A few minutes later, Cob was more presentable, though still in his pajamas. In the living room sat a man in his mid-thirties, dark hair and bushy eyebrows, but it was the woman across from him who caught Cob’s attention. She was blond and slender and wore a snug black jacket and matching ankle-length skirt. Something about her eager smile was ingratiating…and familiar.
We were both on trips, but we couldn’t talk about it.
The memory was dim, as if it were a long-buried encounter from decades earlier, and yet he could swear the way this woman looked now was how he remembered her.
Impossible, if it was so long ago…
“Ah, Mister Cob.” The man rose. “You won’t remember, but you and I are quite well acquainted. I’m Ben Jonson, and this is Violet Lessep.”
The woman stood as well. “Agent Lessep,” she amended. “We met once before, too, though very briefly.”
“We did,” Cob said. He meant it to be a question, but it wasn’t. “I know. I don’t know how I know, but I do.”

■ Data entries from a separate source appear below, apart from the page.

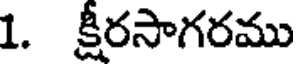
1. క్షీరసాగరము
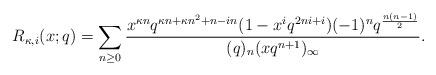
LaTeX: \begin{align*}R_{\kappa,i}(x;q)=\sum_{n\geq0} \frac{x^{\kappa n}q^{\kappa n+\kappa n^2+n-in}(1-x^iq^{2ni+i}) (-1)^nq^{\frac{n(n-1)}{2}}}{(q)_n(xq^{n+1})_{\infty}}. \end{align*}
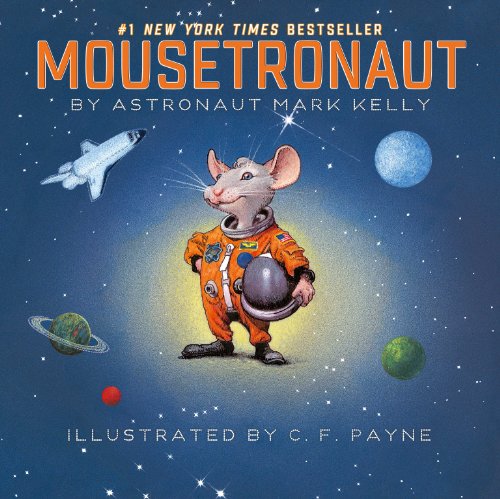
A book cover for Mousetronaut: Based on a (Partially) True Story (Paula Wiseman Books); Mark Kelly; Children's Books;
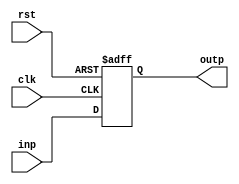
module Register3(
	clk,
	rst,
	inp,
	outp
);

	input clk;
	input rst;
	input [2:0] inp;
	output reg [2:0] outp;

	always @(posedge clk, posedge rst) begin
		if (rst) 
			outp <= 0;
			else 
			outp <= inp;
	end

endmodule
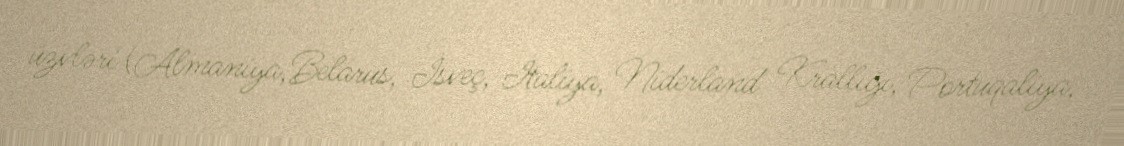
üzvləri (Almaniya,Belarus, İsveç, İtaliya, Niderland Krallığı, Portuqaliya,
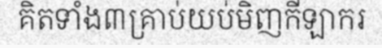
គិតទាំង៣គ្រាប់យប់មិញកីឡាករ
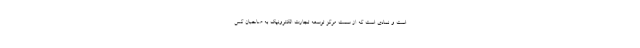
است و نمادی است که از سمت مرکز توسعه تجارت الکترونیک به صاحبان کس
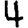
Digit: 4
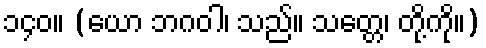
၁၄၀။ (ယော ဘဂဝါ၊ သည်။ သတ္တေ၊ တို့ကို။)
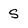
Character: s
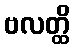
ဗလတ္ထိ
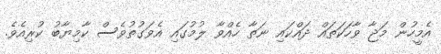
އެމީހުން މަޖާ ވާހަކަތައް ދައްކައި ނަތާ ހެއްވާ ލުމުގައި އެވަގުތުވެސް ކާމިޔާބު ކުރިއެވެ.
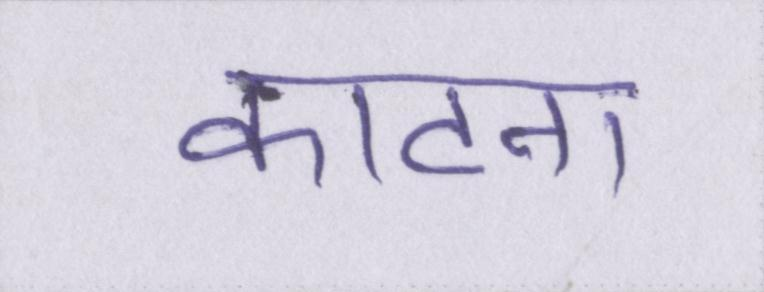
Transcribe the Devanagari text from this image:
काटना
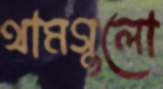
থামগুলো
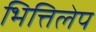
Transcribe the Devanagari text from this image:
भित्तिलेप
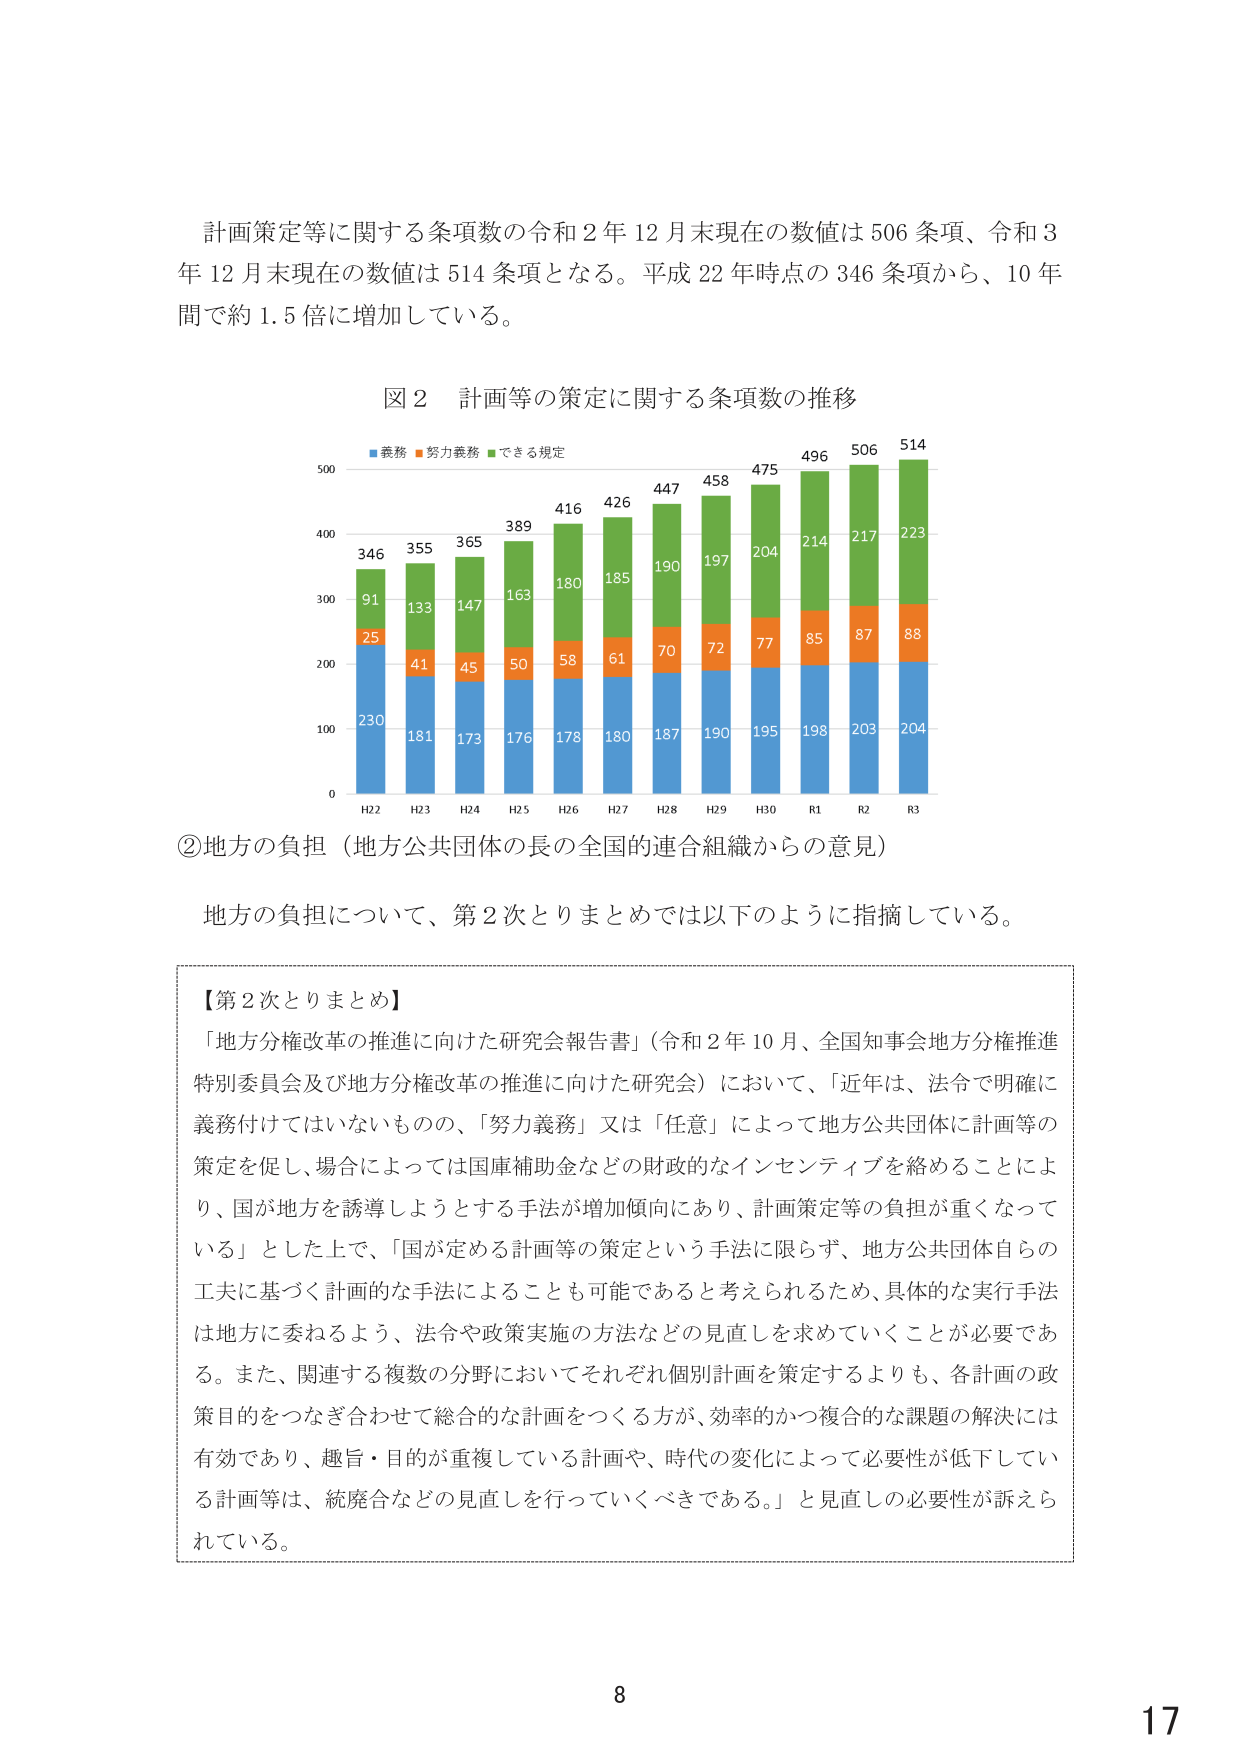
計画策定等に関する条項数の令和２年１２月末現在の数値は５０６条項、令和３年１２月末現在の数値は５１４条項となる。平成２２年時点の３４６条項から、１０年間で約１．５倍に増加している。

図２ 計画等の策定に関する条項数の推移
■義務 ■努力義務 ■できる規定
500
400
300
200
100
0
346
91
25
230
355
133
41
181
365
147
45
173
389
163
50
176
416
180
58
178
426
185
61
180
447
190
70
187
458
197
72
190
475
204
77
195
496
214
85
198
506
217
87
203
514
223
88
204
H22 H23 H24 H25 H26 H27 H28 H29 H30 R1 R2 R3

②地方の負担（地方公共団体の長の全国的連合組織からの意見）

地方の負担について、第２次とりまとめでは以下のように指摘している。

【第２次とりまとめ】
「地方分権改革の推進に向けた研究会報告書」（令和２年１０月、全国知事会地方分権推進特別委員会及び地方分権改革の推進に向けた研究会）において、「近年は、法令で明確に義務付けてはいないものの、「努力義務」又は「任意」によって地方公共団体に計画等の策定を促し、場合によっては国庫補助金などの財政的なインセンティブを絡めることにより、国が地方を誘導しようとする手法が増加傾向にあり、計画策定等の負担が重くなっている」とした上で、「国が定める計画等の策定という手法に限らず、地方公共団体自らの工夫に基づく計画的な手法によることも可能であると考えられるため、具体的な実行手法は地方に委ねるよう、法令や政策実施の方法などの見直しを求めていくことが必要である。また、関連する複数の分野においてそれぞれ個別計画を策定するよりも、各計画の政策目的をつなぎ合わせて総合的な計画をつくる方が、効率的かつ複合的な課題の解決には有効であり、趣旨・目的が重複している計画や、時代の変化によって必要性が低下している計画等は、統廃合などの見直しを行っていくべきである。」と見直しの必要性が訴えられている。

8
17
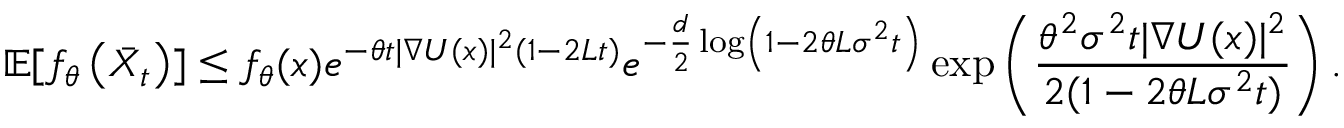
\mathbb { E } [ f _ { \theta } \left( \bar { X } _ { t } \right) ] \le f _ { \theta } ( x ) e ^ { - \theta t | \nabla U ( x ) | ^ { 2 } ( 1 - 2 L t ) } e ^ { - \frac { d } { 2 } \log \left( 1 - 2 \theta L \sigma ^ { 2 } t \right) } \exp \left( \frac { \theta ^ { 2 } \sigma ^ { 2 } t | \nabla U ( x ) | ^ { 2 } } { 2 ( 1 - 2 \theta L \sigma ^ { 2 } t ) } \right) .
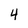
Character: 4
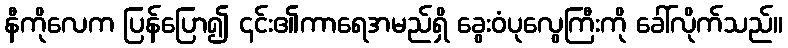
နီကိုလေက ပြန်ပြော၍ ၎င်း၏ကာရေအမည်ရှိ ခွေးဝံပုလွေကြီးကို ခေါ်လိုက်သည်။
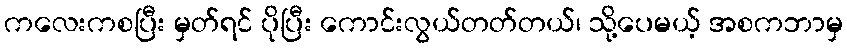
ကလေးကစပြီး မှတ်ရင် ပိုပြီး ကောင်းလွယ်တတ်တယ်၊ သို့ပေမယ့် အစကဘာမှ
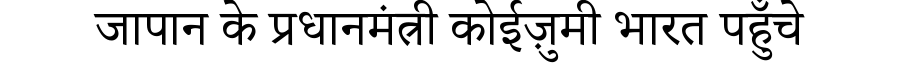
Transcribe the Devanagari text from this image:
जापान के प्रधानमंत्री कोईज़ुमी भारत पहुँचे
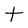
Character: t
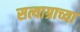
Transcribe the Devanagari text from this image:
सत्याग्राच्या
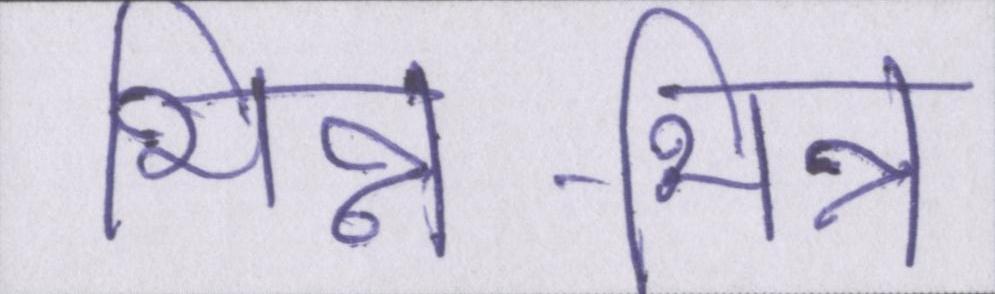
भिन्न-भिन्न
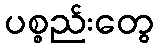
ပစ္စည်းတွေ
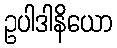
ဥပါဒါနိယော
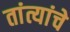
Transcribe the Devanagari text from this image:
तांत्यांचे
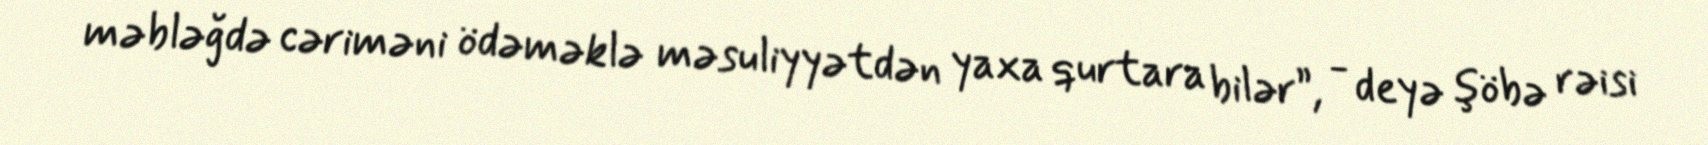
məbləğdə cəriməni ödəməklə məsuliyyətdən yaxa qurtara bilər”, - deyə şöbə rəisi
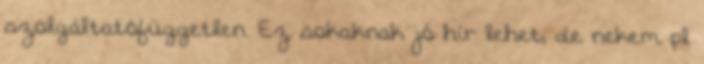
szolgáltatófüggetlen. Ez sokaknak jó hír lehet, de nekem pl
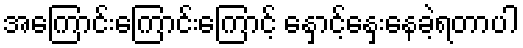
အကြောင်းကြောင်းကြောင့် နှောင့်နှေးနေခဲ့ရတာပါ
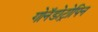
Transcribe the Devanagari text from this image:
गोनॅडोट्रोपिन
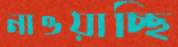
নাওয়াচ্ছি
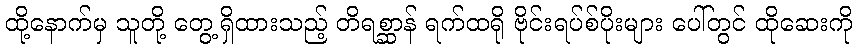
ထို့နောက်မှ သူတို့ တွေ့ရှိထားသည့် တိရစ္ဆာန် ရက်ထရို ဗိုင်းရပ်စ်ပိုးများ ပေါ်တွင် ထိုဆေးကို
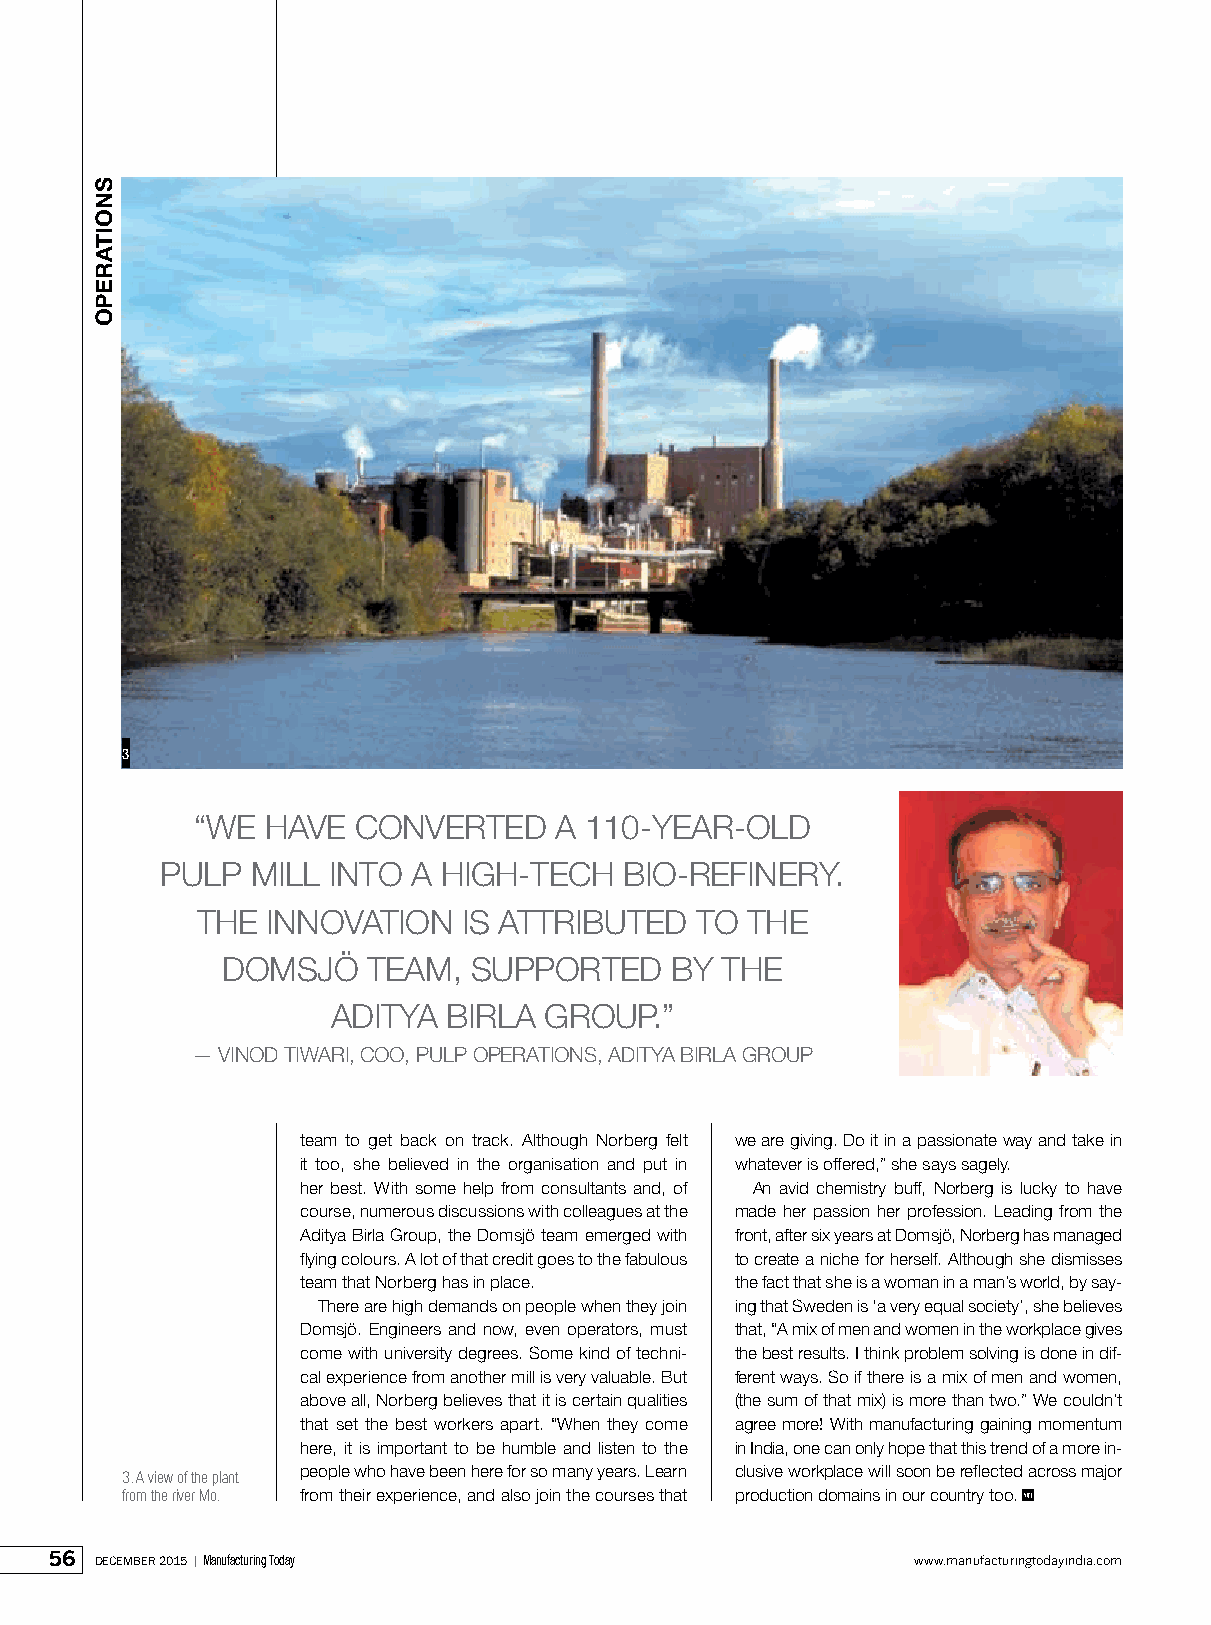
3
 “WE  HAvE  CONvERTED    A 110-yEAR-OlD
 PulP  MIll INTO A HIGH-TECH    BIO-REFINERy.
 THE  INNOvATION   IS ATTRIBuTED  TO  THE
 DOMSjÖ   TEAM,  SuPPORTED     By THE
 ADITyA  BIRlA GROuP.”
 — vINOD TIWARI, COO, PulP OPERATIONS, ADITyA BIRlA GROuP
 team to get back on track. Although Norberg felt we are giving. Do it in a passionate way and take in
 it too, she believed in the organisation and put in whatever is offered,” she says sagely.
 her best. With some help from consultants and, of An avid chemistry buff, Norberg is lucky to have
 course, numerous discussions with colleagues at the made her passion her profession. leading from the
 Aditya Birla Group, the Domsjö team emerged with front, after six years at Domsjö, Norberg has managed
 flying colours. A lot of that credit goes to the fabulous to create a niche for herself. Although she dismisses
 team that Norberg has in place. the fact that she is a woman in a man’s world, by say-
 There are high demands on people when they join ing that Sweden is ‘a very equal society’, she believes
 Domsjö. Engineers and now, even operators, must that, “A mix of men and women in the workplace gives
 come with university degrees. Some kind of techni- the best results. I think problem solving is done in dif-
 cal experience from another mill is very valuable. But ferent ways. So if there is a mix of men and women,
 above all, Norberg believes that it is certain qualities (the sum of that mix) is more than two.” We couldn’t
 that set the best workers apart. “When they come agree more! With manufacturing gaining momentum
 here, it is important to be humble and listen to the in India, one can only hope that this trend of a more in-
 3. a view of the plant people who have been here for so many years. learn clusive workplace will soon be reflected across major
 from the river mo. from their experience, and also join the courses that production domains in our country too.
 56 december 2015 | Manufacturing Today                    www.manufacturingtodayindia.com
 snoitarepo
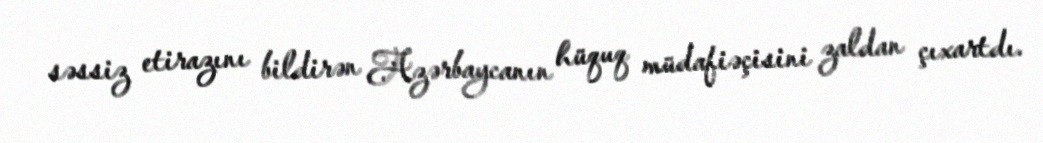
səssiz etirazını bildirən Azərbaycanın hüquq müdafiəçisini zaldan çıxartdı.
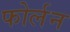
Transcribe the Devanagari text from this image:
फोर्लन
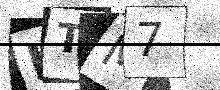
Text: KTM7
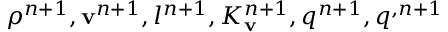
\rho ^ { n + 1 } , \mathbf v ^ { n + 1 } , l ^ { n + 1 } , K _ { \mathbf v } ^ { n + 1 } , q ^ { n + 1 } , q ^ { , n + 1 }
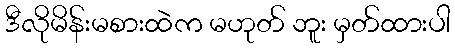
ဒီလိုမိန်းမစားထဲက မဟုတ် ဘူး မှတ်ထားပါ
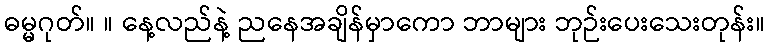
ဓမ္မဂုတ်။ ။ နေ့လည်နဲ့ ညနေအချိန်မှာကော ဘာများ ဘုဉ်းပေးသေးတုန်း။
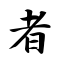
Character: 者
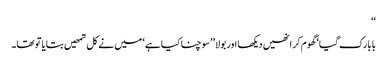
‘‘
بابا رک گیا‘ گھوم کر انھیں دیکھا اور بولا ’’سوچنا کیا ہے‘ میں نے کل تمھیں بتایا تو تھا۔
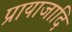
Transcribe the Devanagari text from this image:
प्रायाजादि

Blood and light bulbs and strange creatures sailing through a cloudless sky…
God, I’m hungover.
Cob rubbed his temples. “Forgive me, folks, I had a few too many tugs at the bottle last night.” He swept a hand down his robe. “Even I’m usually dressed by this hour.” Cob sank down on a loveseat, and the others sat as well. “You wanna remind me where we all know each other?”
The man cleared his throat. “Mister Cob, we need your help to stop a killer.”
Cob looked at both of them. “Um, you…what? I’m not really in the business of…” He laughed. “Well, I’m not really in the business of much of anything except spending my trust fund on trips to Maine.”